EXERCISE AIM
From the entries below, output the line with "27.143C28.721 27.143 30.398" and each following line up to and including the line with "7.286C157.417 6.694 157.891", exactly as written.

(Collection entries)

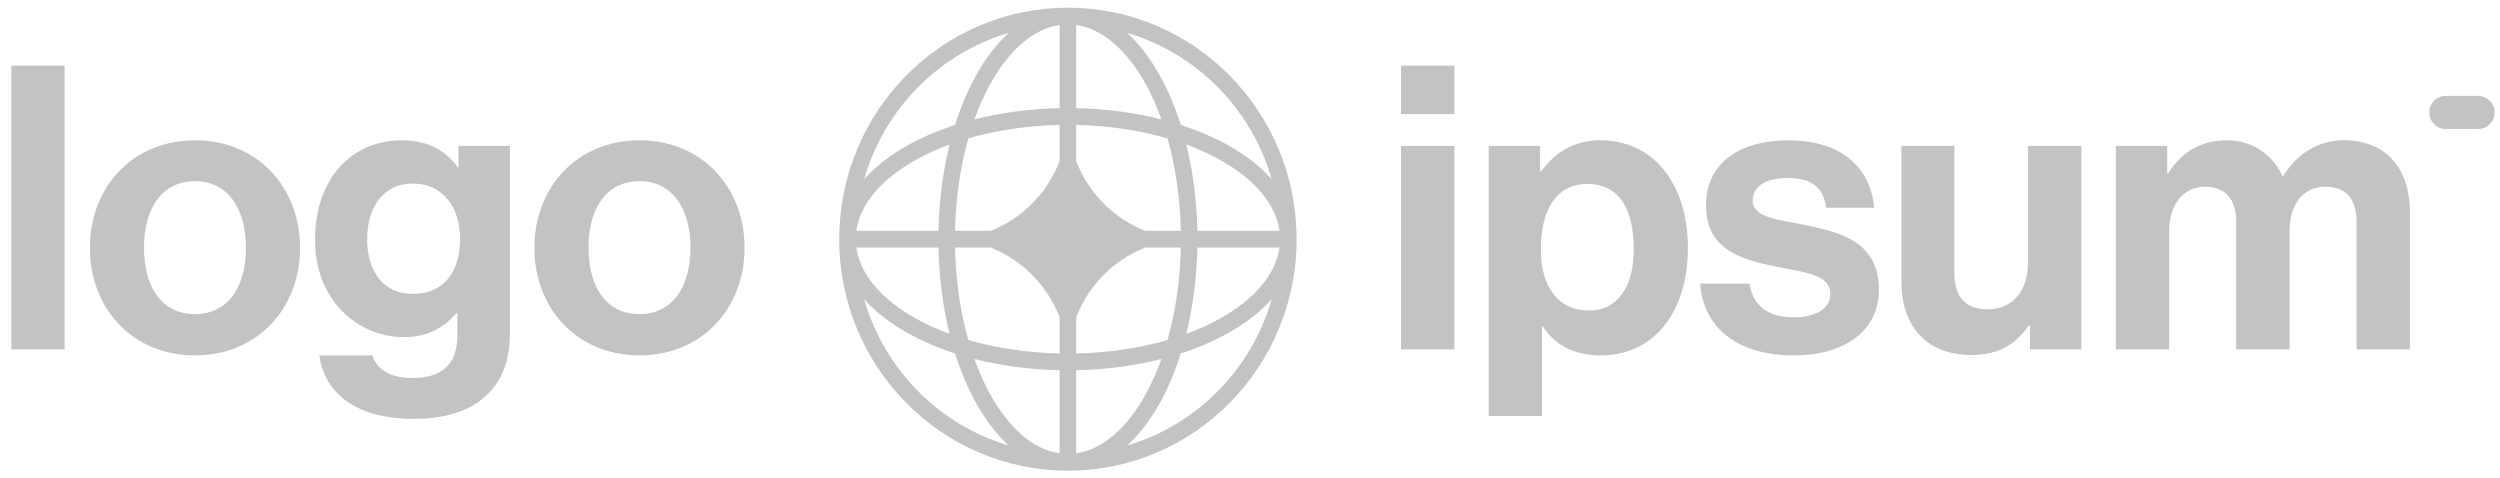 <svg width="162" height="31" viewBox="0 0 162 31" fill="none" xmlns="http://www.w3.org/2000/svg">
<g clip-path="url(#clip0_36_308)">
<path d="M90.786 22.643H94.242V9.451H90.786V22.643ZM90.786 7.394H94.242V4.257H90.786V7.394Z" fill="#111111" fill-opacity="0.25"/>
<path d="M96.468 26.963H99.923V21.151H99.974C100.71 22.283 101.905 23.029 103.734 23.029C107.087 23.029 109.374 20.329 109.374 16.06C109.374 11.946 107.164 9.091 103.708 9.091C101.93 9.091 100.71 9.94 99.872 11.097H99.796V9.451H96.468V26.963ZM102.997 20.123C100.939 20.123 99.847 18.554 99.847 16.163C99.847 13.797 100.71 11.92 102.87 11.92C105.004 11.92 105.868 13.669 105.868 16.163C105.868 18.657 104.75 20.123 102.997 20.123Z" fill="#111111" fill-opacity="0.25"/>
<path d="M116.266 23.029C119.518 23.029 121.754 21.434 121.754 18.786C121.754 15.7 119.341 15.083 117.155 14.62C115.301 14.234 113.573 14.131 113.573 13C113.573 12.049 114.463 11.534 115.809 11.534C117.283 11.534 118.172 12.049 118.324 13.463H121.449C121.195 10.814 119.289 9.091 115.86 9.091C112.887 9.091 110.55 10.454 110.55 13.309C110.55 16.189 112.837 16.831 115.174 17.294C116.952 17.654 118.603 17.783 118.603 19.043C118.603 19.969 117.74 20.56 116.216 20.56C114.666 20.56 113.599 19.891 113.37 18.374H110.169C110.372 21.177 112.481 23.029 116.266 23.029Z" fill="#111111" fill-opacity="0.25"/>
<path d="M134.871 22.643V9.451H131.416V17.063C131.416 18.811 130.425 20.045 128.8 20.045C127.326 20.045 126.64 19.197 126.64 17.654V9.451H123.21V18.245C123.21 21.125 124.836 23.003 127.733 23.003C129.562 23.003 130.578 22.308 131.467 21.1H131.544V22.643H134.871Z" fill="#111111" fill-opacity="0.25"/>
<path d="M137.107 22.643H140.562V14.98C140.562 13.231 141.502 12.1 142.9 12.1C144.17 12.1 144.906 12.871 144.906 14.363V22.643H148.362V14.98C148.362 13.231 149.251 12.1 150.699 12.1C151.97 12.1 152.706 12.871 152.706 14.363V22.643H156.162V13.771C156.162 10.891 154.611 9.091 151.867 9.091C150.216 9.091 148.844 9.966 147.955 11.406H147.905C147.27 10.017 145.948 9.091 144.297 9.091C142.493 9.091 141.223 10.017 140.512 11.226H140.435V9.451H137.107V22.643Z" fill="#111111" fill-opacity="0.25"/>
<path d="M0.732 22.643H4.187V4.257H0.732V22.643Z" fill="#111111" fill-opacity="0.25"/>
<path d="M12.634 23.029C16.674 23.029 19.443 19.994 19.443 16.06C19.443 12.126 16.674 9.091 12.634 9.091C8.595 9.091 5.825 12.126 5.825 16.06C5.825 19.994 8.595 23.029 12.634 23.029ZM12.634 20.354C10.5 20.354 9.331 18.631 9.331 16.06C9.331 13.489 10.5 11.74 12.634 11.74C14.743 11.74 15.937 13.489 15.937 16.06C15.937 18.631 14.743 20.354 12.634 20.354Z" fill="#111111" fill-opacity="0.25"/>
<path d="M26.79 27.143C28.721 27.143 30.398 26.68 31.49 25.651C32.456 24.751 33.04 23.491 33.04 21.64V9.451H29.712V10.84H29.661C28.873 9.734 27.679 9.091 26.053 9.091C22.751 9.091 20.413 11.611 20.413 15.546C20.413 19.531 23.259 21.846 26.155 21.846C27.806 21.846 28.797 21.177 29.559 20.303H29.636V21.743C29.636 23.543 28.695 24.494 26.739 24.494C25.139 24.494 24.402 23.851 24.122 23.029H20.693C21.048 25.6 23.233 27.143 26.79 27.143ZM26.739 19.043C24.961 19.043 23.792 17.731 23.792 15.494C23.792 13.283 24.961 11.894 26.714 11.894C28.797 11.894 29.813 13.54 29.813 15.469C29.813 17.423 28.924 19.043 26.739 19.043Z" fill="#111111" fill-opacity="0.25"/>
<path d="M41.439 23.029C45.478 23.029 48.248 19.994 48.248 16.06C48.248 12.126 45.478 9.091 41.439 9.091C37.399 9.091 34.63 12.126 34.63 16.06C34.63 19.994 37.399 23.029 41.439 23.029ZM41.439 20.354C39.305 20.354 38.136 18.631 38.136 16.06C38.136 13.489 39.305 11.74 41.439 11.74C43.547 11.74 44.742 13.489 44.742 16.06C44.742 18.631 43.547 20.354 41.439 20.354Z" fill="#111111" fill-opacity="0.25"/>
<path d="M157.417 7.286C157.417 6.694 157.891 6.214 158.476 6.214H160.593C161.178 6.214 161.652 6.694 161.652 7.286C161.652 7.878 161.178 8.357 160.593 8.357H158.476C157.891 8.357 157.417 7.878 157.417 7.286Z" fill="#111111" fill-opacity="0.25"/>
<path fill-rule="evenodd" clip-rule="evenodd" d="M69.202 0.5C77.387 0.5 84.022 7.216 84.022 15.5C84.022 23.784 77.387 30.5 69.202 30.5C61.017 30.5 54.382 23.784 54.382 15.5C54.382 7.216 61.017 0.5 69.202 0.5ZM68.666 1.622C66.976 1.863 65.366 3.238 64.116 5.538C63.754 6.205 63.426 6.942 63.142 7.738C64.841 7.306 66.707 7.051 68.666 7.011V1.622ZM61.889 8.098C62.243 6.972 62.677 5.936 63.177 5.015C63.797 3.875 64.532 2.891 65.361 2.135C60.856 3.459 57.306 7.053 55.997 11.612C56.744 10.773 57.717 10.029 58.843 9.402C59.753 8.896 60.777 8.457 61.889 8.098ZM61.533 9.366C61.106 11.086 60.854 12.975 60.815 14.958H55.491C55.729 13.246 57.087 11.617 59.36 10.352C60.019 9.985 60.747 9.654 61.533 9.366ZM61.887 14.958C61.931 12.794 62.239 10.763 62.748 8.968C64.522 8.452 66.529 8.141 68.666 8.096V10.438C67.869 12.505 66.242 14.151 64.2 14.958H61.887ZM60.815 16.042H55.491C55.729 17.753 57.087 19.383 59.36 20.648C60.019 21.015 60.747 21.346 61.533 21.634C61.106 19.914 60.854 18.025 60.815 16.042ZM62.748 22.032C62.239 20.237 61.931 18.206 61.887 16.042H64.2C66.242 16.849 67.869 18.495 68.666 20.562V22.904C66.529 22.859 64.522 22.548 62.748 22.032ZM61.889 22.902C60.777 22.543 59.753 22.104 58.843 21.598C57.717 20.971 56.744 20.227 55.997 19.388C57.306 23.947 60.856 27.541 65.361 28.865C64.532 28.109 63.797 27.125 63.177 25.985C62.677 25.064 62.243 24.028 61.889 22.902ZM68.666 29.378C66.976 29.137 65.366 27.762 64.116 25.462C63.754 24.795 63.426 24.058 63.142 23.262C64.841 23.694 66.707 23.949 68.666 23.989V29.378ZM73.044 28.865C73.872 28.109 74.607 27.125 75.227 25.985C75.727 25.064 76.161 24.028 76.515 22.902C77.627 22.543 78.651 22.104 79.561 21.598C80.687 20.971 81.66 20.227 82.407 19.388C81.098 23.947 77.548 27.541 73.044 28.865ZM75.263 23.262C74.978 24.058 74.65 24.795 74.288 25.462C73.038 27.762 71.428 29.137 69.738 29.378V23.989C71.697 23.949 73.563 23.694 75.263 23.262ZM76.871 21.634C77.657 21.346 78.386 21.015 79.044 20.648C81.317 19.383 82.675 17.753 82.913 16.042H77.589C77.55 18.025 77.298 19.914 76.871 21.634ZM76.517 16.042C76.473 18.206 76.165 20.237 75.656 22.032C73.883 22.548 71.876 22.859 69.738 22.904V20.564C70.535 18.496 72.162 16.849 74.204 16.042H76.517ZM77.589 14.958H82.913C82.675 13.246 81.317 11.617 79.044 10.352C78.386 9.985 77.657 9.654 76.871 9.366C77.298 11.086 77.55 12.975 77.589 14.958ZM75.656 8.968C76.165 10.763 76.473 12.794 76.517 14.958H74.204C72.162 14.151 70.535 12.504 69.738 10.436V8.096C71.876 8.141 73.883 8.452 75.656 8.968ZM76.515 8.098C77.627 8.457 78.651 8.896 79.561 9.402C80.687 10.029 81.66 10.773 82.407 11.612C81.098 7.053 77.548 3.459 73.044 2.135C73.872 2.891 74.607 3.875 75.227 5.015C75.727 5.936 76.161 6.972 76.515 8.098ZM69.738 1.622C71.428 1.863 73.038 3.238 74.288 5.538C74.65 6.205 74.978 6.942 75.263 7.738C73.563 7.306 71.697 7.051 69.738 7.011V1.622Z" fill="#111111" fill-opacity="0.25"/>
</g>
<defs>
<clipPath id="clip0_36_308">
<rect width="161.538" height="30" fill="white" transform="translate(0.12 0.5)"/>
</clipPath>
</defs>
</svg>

RESULT BELOW
<path d="M26.79 27.143C28.721 27.143 30.398 26.68 31.49 25.651C32.456 24.751 33.04 23.491 33.04 21.64V9.451H29.712V10.84H29.661C28.873 9.734 27.679 9.091 26.053 9.091C22.751 9.091 20.413 11.611 20.413 15.546C20.413 19.531 23.259 21.846 26.155 21.846C27.806 21.846 28.797 21.177 29.559 20.303H29.636V21.743C29.636 23.543 28.695 24.494 26.739 24.494C25.139 24.494 24.402 23.851 24.122 23.029H20.693C21.048 25.6 23.233 27.143 26.79 27.143ZM26.739 19.043C24.961 19.043 23.792 17.731 23.792 15.494C23.792 13.283 24.961 11.894 26.714 11.894C28.797 11.894 29.813 13.54 29.813 15.469C29.813 17.423 28.924 19.043 26.739 19.043Z" fill="#111111" fill-opacity="0.25"/>
<path d="M41.439 23.029C45.478 23.029 48.248 19.994 48.248 16.06C48.248 12.126 45.478 9.091 41.439 9.091C37.399 9.091 34.63 12.126 34.63 16.06C34.63 19.994 37.399 23.029 41.439 23.029ZM41.439 20.354C39.305 20.354 38.136 18.631 38.136 16.06C38.136 13.489 39.305 11.74 41.439 11.74C43.547 11.74 44.742 13.489 44.742 16.06C44.742 18.631 43.547 20.354 41.439 20.354Z" fill="#111111" fill-opacity="0.25"/>
<path d="M157.417 7.286C157.417 6.694 157.891 6.214 158.476 6.214H160.593C161.178 6.214 161.652 6.694 161.652 7.286C161.652 7.878 161.178 8.357 160.593 8.357H158.476C157.891 8.357 157.417 7.878 157.417 7.286Z" fill="#111111" fill-opacity="0.25"/>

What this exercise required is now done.